Source Num WHIP MLB WHIP StdDev MAE RMSE Missing
Actual 664 1.2995 664 1.2993 0.2354 0.0000 0.0000 0
FangraphsFans 232 1.2488 664 1.2877 0.0868 0.1535 0.2174 444
Steamer/Razzball 515 1.3139 664 1.3250 0.0895 0.1522 0.2176 198
Steamer 635 1.3163 664 1.3239 0.0895 0.1518 0.2183 142
Aggpro 203 1.3124 664 1.3582 0.0804 0.1558 0.2207 469
AllConsensus 1310 1.4425 664 1.3365 0.1264 0.1581 0.2228 31
Marcel 841 1.3055 664 1.2952 0.0911 0.1589 0.2232 136
Consensus 872 1.3231 664 1.3280 0.1101 0.1579 0.2233 113
RotoValue 836 1.3136 664 1.3097 0.1100 0.1592 0.2246 133
Razzball 151 1.2292 664 1.2868 0.0804 0.1580 0.2252 522
Oliver 1122 1.4335 664 1.3435 0.1327 0.1643 0.2278 82
Will Larson 128 1.2967 664 1.3531 0.0895 0.1617 0.2307 538
MORPS 499 1.3129 664 1.3226 0.1335 0.1626 0.2307 226
Rosenheck 172 1.3099 664 1.3549 0.0808 0.1615 0.2310 498
RotoChamp 477 1.2978 664 1.3029 0.1378 0.1691 0.2312 244
SI 211 1.2976 664 1.3400 0.0923 0.1658 0.2320 469
ESPN 500 1.3046 664 1.3257 0.1321 0.1665 0.2323 233
BaseballGuru 738 1.2990 664 1.3151 0.1236 0.1697 0.2359 152
ZiPS 998 1.4692 664 1.3706 0.1587 0.1710 0.2360 48
CAIRO 489 1.3720 664 1.3874 0.1733 0.1864 0.2529 234
CBS 308 1.3011 664 1.3474 0.2360 0.1842 0.3102 424
y2012 630 1.3049 664 1.3219 0.3179 0.2175 0.3630 168

Once again Razzball and Will Larson rise to the top, the Steamer/Razzball ranks higher than Steamer, Consensus bests AllConsensus, and in general it seems sources that project fewer players tend to rank higher in this comparison.
I’m still trying to think about what the results mean, but it does seem that for weaker players, projections systems may not provide much value added compared to simply guessing something a little worse than league average.
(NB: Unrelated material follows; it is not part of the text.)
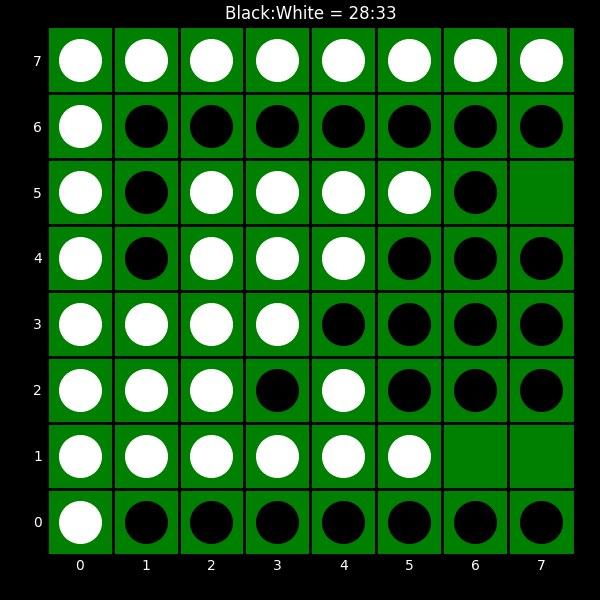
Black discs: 28
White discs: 33

Or maybe projections that revert to an overall league average in a statistic pull the projected values too high systematically for weaker players. For now I want to present the data and find out what others think about this, but in terms of evaluating forecasters, I think the comparison of players projected by all systems is probably more informative than the other one (disclaimer: my own system does rank higher that way, but so do the consensus forecasts, and I do sincerely think missing quite a few players may be a relative advantage somehow).
As has been seen before, projections are more accurate at forecasting batting stats than pitching stats, and virtually every system out there does much better than simply using 2012 data. Comments and feedback welcome, in comments below, or you can e-mail me: geoff at rotovalue dot com.
While I did try my best to be accurate, it is possible that I made some mistakes in uploading the data, trying to match names in the files with players in my own database. I conclude by thanking Dr. Larson for compiling and making so much data available, Brian Cartwright, for sharing Oliver with me, and Tom Tango, for pointing me to Dr. Larson’s site and his feedback on the methodology.